Efficient ways to build new Strings in Rust-CodePudding

I have just recently started learning Rust and have been messing around with some code. I wanted to create a simple function that removes vowels from a String and returns a new String. The code below functions, but I was concerned if this truly was a valid, typical approach in this language or if I'm missing something...

// remove vowels by building a String using .contains() on a vowel array
fn remove_vowels(s: String) -> String {
    let mut no_vowels: String = String::new();
    for c in s.chars() {
        if !['a', 'e', 'i', 'o', 'u'].contains(&c) {
            no_vowels  = &c.to_string();
        }
    }
    return no_vowels;
}

First, using to_string() to construct a new String and then using & to borrow just seemed off. Is there a simpler way to append characters to a String, or is this the only way to go? Or should I rewrite this entirely and iterate through the inputted String using a loop by its length, not by a character array?

Also, I have been informed that it's quite popular in Rust to not use the return statement but to instead let the last expression return the value from the function. Is my return statement required here, or is there a cleaner way to return that value that follows convention?
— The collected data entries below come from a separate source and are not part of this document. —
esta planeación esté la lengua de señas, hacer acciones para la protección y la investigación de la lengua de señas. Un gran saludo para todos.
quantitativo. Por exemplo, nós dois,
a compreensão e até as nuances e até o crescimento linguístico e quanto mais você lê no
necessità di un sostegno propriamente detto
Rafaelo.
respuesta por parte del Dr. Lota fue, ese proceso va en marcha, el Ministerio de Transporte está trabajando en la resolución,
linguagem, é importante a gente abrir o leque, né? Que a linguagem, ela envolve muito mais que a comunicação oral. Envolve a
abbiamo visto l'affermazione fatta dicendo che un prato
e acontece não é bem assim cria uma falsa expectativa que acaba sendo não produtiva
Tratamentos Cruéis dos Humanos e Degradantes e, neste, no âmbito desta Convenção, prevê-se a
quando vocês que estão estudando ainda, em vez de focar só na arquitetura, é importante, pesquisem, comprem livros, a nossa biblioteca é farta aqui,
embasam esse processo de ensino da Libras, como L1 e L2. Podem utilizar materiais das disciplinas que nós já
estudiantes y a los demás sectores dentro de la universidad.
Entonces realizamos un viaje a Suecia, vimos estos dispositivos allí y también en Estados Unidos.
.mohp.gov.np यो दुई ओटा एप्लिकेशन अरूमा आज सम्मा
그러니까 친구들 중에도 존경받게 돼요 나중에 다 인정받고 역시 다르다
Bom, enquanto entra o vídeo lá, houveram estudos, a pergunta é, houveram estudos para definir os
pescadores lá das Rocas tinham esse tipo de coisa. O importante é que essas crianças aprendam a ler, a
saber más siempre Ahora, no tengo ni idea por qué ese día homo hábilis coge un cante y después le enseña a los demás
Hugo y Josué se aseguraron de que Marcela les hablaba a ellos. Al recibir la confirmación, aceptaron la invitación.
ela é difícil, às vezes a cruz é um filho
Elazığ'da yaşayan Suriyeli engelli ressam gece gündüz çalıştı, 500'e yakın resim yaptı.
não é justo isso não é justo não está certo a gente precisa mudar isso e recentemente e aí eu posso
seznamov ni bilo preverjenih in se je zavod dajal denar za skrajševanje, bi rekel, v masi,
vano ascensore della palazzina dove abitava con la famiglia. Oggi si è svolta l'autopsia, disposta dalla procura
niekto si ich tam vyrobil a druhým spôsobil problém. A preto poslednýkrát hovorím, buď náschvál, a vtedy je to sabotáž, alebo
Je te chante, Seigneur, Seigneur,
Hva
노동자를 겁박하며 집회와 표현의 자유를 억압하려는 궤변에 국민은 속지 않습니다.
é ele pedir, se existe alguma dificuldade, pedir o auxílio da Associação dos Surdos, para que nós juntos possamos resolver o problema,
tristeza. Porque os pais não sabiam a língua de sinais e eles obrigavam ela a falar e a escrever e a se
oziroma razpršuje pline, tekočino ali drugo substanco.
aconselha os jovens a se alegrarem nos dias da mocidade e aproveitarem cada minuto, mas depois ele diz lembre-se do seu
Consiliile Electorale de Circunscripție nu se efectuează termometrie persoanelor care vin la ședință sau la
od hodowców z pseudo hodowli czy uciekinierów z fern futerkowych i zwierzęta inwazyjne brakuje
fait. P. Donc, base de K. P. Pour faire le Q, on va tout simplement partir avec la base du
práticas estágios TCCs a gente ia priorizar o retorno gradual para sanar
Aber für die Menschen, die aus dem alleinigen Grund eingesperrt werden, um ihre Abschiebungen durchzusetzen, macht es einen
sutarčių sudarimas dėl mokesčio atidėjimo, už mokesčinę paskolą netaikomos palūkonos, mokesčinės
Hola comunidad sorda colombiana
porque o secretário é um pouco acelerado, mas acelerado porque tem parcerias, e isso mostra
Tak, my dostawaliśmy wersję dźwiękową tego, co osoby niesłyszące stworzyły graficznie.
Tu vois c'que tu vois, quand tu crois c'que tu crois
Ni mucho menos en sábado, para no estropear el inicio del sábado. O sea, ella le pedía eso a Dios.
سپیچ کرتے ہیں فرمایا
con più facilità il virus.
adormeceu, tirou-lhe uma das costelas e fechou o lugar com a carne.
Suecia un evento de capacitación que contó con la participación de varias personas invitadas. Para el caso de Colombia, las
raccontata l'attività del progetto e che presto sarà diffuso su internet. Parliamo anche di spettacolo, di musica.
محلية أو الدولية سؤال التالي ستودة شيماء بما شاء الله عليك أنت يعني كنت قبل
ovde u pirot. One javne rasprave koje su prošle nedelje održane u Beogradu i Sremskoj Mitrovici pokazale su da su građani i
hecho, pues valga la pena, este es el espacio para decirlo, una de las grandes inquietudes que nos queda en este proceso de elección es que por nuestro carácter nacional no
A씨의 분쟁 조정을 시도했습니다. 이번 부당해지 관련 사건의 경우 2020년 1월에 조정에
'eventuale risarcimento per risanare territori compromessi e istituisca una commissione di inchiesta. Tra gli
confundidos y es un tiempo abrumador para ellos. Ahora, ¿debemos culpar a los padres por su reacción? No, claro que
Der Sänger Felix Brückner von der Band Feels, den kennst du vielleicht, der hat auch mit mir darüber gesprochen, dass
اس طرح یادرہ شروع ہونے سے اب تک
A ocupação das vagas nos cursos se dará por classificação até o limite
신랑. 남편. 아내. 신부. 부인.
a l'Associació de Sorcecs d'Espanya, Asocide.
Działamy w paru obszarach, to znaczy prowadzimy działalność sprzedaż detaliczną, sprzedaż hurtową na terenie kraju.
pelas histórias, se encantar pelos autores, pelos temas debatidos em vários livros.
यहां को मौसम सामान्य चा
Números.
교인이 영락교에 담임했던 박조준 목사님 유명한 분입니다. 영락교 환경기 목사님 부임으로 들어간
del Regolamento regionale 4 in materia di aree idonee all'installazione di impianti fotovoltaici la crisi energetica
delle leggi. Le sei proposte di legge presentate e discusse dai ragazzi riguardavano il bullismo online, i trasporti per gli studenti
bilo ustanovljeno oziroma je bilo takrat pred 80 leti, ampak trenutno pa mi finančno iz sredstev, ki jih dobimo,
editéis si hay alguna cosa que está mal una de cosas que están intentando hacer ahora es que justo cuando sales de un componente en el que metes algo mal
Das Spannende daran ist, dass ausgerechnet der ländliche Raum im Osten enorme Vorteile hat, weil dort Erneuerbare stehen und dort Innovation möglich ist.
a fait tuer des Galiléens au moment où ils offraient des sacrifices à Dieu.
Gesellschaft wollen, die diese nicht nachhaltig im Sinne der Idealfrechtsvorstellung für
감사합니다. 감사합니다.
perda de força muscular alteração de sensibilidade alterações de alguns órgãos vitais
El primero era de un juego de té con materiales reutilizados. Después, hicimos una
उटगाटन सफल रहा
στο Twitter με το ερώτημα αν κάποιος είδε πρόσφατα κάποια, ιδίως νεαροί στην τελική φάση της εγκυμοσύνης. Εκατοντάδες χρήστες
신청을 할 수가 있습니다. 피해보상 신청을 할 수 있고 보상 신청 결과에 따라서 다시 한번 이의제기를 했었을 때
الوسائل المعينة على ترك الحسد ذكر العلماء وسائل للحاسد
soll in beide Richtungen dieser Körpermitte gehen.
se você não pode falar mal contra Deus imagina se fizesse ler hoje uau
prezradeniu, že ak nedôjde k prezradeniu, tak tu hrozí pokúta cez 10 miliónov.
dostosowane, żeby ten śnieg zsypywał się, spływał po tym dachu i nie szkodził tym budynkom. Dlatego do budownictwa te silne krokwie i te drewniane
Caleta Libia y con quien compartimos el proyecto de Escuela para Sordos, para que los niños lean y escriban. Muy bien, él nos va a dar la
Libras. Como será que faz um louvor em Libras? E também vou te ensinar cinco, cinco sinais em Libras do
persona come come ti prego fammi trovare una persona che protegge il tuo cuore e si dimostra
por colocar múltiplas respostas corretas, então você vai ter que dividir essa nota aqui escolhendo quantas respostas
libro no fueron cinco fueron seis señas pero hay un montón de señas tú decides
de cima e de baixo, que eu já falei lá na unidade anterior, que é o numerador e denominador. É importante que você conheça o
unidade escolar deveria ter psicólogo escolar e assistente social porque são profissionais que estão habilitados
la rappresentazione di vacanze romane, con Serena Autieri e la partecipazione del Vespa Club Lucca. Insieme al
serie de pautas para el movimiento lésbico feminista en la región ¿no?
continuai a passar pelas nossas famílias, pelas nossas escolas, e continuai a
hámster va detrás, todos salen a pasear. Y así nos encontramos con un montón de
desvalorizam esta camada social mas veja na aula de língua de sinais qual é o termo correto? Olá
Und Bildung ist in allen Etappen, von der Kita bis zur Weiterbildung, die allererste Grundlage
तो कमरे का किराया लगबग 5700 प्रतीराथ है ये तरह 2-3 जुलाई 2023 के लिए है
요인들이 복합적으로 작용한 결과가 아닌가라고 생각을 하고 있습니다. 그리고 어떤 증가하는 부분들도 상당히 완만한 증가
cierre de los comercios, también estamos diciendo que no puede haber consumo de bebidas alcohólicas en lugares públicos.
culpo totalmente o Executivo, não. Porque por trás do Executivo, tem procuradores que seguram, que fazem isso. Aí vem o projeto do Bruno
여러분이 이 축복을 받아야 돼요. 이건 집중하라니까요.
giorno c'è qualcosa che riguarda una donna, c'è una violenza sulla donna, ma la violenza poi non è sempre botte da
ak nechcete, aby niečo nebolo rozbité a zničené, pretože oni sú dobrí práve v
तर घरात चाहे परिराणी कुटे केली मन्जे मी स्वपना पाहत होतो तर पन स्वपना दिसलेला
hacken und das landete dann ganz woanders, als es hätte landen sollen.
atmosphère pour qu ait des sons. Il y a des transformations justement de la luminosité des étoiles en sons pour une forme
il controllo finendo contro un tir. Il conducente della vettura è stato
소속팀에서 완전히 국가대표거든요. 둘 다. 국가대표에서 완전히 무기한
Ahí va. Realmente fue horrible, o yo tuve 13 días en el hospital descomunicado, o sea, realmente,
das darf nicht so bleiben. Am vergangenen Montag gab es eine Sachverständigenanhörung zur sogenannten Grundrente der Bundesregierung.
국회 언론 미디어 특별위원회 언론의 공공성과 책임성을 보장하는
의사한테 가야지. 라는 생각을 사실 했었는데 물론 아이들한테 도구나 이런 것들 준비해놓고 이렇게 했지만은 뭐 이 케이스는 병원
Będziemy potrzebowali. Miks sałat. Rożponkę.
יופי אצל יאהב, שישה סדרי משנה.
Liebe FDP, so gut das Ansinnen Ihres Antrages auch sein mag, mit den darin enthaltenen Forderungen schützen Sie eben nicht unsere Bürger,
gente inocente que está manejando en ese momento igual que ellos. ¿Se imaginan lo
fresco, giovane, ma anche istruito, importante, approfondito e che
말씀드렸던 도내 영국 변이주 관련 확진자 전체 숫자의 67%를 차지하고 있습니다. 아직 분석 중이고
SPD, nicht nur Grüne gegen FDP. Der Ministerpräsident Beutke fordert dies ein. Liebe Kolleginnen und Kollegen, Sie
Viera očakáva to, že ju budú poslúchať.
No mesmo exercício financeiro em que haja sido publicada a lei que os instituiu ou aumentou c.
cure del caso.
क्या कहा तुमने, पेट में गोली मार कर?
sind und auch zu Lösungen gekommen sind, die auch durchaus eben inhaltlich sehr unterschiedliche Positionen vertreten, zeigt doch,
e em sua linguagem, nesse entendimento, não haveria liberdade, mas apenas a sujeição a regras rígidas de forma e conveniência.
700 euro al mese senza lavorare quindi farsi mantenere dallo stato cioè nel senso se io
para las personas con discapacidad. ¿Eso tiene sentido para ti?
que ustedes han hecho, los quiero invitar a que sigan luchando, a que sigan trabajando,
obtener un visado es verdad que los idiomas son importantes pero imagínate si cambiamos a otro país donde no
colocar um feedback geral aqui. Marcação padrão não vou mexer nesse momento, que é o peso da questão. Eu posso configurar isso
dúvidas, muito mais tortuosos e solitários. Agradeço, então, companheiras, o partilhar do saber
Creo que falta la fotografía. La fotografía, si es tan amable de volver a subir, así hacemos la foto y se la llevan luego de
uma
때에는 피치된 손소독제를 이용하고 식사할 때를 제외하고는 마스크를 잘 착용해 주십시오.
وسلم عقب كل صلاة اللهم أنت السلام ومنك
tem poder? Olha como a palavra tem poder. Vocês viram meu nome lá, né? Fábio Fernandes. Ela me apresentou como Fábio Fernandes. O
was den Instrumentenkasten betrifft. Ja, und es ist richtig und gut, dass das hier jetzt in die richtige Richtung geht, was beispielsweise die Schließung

CodePudding user response：

You can use collect on an iterator of characters to create a String. You can filter out the characters you don't want using filter.

// remove vowels by building a String using .contains() on a vowel array
fn remove_vowels(s: String) -> String {
    s.chars()
        .filter(|c| !['a', 'e', 'i', 'o', 'u'].contains(c))
        .collect()
}

playground

If this is in a performance critical region, then since you know the characters you're removing are single bytes in utf8, they are OK to remove directly from the bytes instead. Which means you can write something like

fn remove_vowels(s: String) -> String {
    String::from_utf8(
        s.bytes()
            .filter(|c| ![b'a', b'e', b'i', b'o', b'u'].contains(c))
            .collect()
    ).unwrap()
}

which may be more efficient. playground

CodePudding user response：

If you consume the original String as your example does, you can remove the vowels in-place using retain(), which will avoid allocating a new string:

fn remove_vowels(mut s: String) -> String {
    s.retain(|c| !['a', 'e', 'i', 'o', 'u'].contains(&c));
    s
}

See it working on the playground. Side note: you may want to consider uppercase vowels as well.